Merge branch 'master' of skozl.com:e4-pattern

1 files changed, 10 insertions, 7 deletions

diff --git a/report/paper.md b/report/paper.md
index ecf1e3e..2789923 100755
--- a/report/paper.md
+++ b/report/paper.md
@@ -111,15 +111,16 @@ improve identification accuracy, and consider it an additional baseline.
 \end{center}
 \end{figure}
 
-# Suggested Improvement
-
 ## Mahalanobis Distance
 
 We were not able to achieve significant improvements using mahalanobis for 
 original distance ranking compared to square euclidiaen metrics. 
 
-The mahalanobis distance metric was used to create the rank-list as an alternative to euclidean distance.
-When performing mahalanobis with the training set as the covariance matrix, reported accuracy is reduced to **38%** .

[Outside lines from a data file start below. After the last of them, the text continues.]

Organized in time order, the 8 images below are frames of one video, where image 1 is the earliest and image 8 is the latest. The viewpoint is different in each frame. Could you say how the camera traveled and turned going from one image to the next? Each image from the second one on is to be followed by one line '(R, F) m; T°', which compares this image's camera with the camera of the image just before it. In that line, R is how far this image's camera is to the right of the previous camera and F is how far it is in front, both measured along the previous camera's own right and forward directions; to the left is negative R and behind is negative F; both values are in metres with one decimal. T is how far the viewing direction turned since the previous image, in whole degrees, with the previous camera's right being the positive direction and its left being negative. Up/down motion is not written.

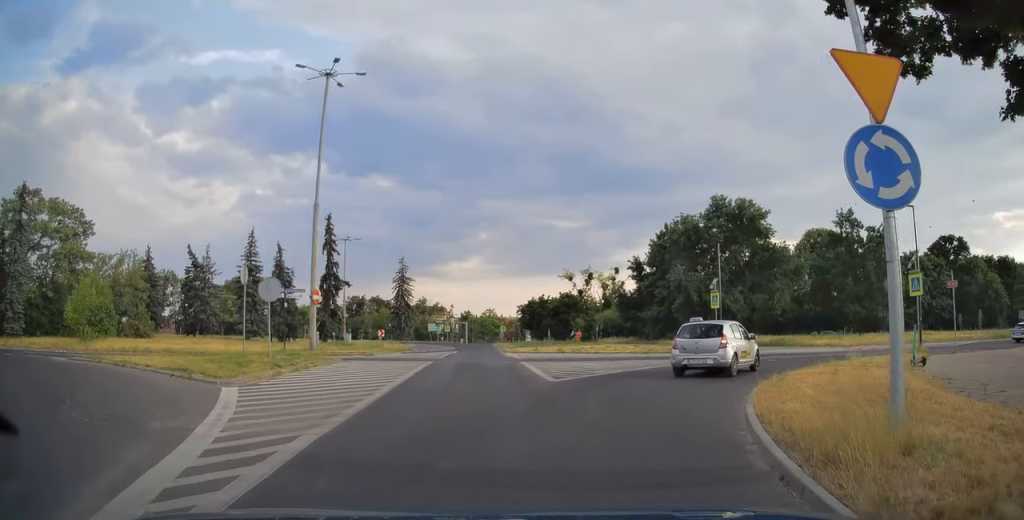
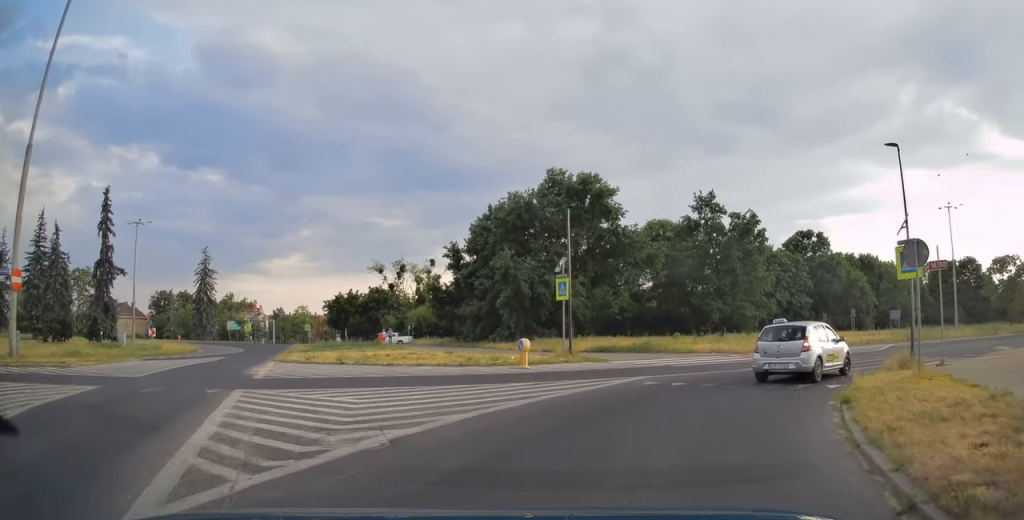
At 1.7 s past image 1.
(+1.8, +10.7) m; +19°
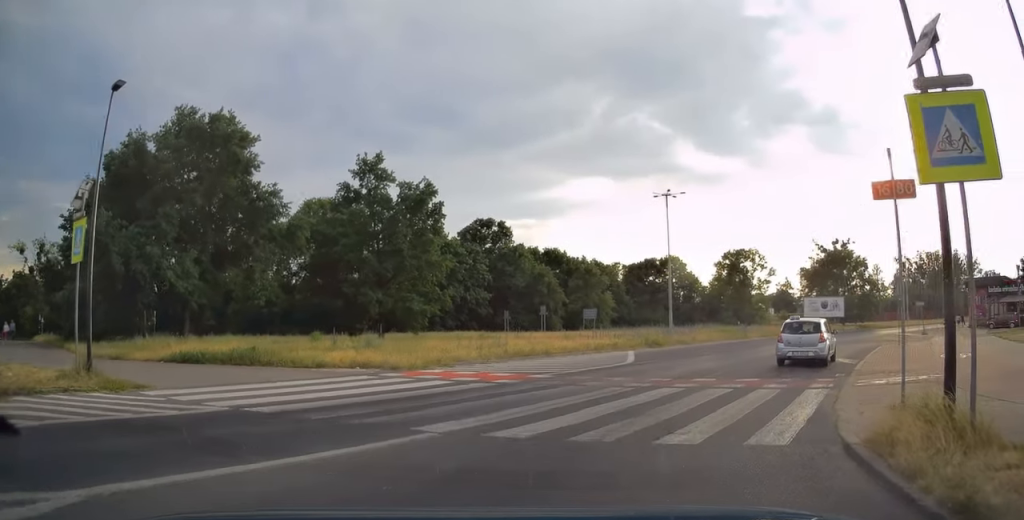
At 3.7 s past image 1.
(+2.6, +12.3) m; +29°
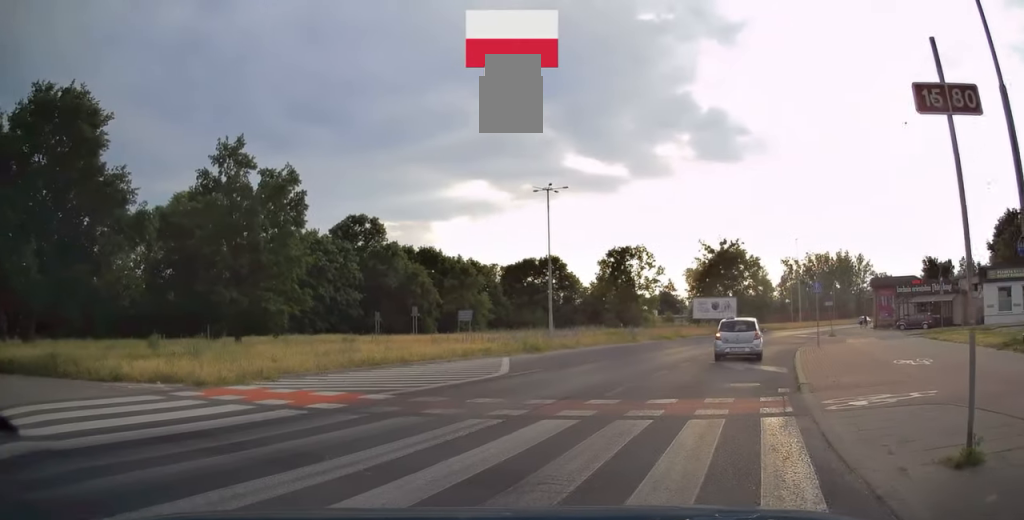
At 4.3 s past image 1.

+The mahalanobis distance metric was used to create the ranklist as an alternative to euclidean distance:
+
+$$ d_M(p,g_i) = (p-g_i)^TM(p-g_i). $$
+
+When performing mahalanobis with the covariance matrix $M$ generated from the training set, reported accuracy is reduced to **38%** .
 
 We also attempted to perform the same mahalanobis metric on a reduced PCA featureset. This allowed for significant execution 
 time improvements due to the greatly reduced computation requierments for smaller featurespace, but nevertheless demonstrated no
@@ -139,7 +140,9 @@ transformations performed the the ResNet-50 convolution model the features were
 \end{center}
 \end{figure}
 
-While we did not use mahalanobis as a primary distance metric, it is possible to use the Mahalanobis metric, together with the next investigated solution $k
+While we did not use mahalanobis as a primary distance metric, it is possible to use the Mahalanobis metric, together with the next investigated solution involving $k$-reciprocal re-ranking.
+
+# Suggested Improvement
 
 ## $k$-reciprocal Re-ranking Formulation
 
@@ -178,11 +181,11 @@ e\textsuperscript{\textit{-d(p,g\textsubscript{i})}}, & \text{if}\ \textit{g\tex
 Through this transformation it is possible to reformulate the distance obtained 
 through Jaccardian metric as: 
 
-$$ d_J(p,g_i)=1-\frac{\sum\limits_{j=1}^N min(V_{p,g_j},V_{g_i,g_j})}{\sum\limits_{j=1}^N max(V_{p,g_j},V_{g_i,g_j})} $$
+$$ d_J(p,g_i)=1-\frac{\sum\limits_{j=1}^N min(V_{p,g_j},V_{g_i,g_j})}{\sum\limits_{j=1}^N max(V_{p,g_j},V_{g_i,g_j})}. $$
 
 It is then possible to perform a local query expansion using the g\textsubscript{i} neighbors of
 defined as:
-$$ V_p=\frac{1}{|N(p,k_2)|}\sum\limits_{g_i\in N(p,k_2)}V_{g_i} $$. 
+$$ V_p=\frac{1}{|N(p,k_2)|}\sum\limits_{g_i\in N(p,k_2)}V_{g_i}. $$ 
 We refer to $k_2$ since we limit the size of the nighbors to prevent noise 
 from the $k_2$ neighbors. The dimension k of the *$R^*$* set will instead 
 be defined as $k_1$: $R^*(g_i,k_1)$.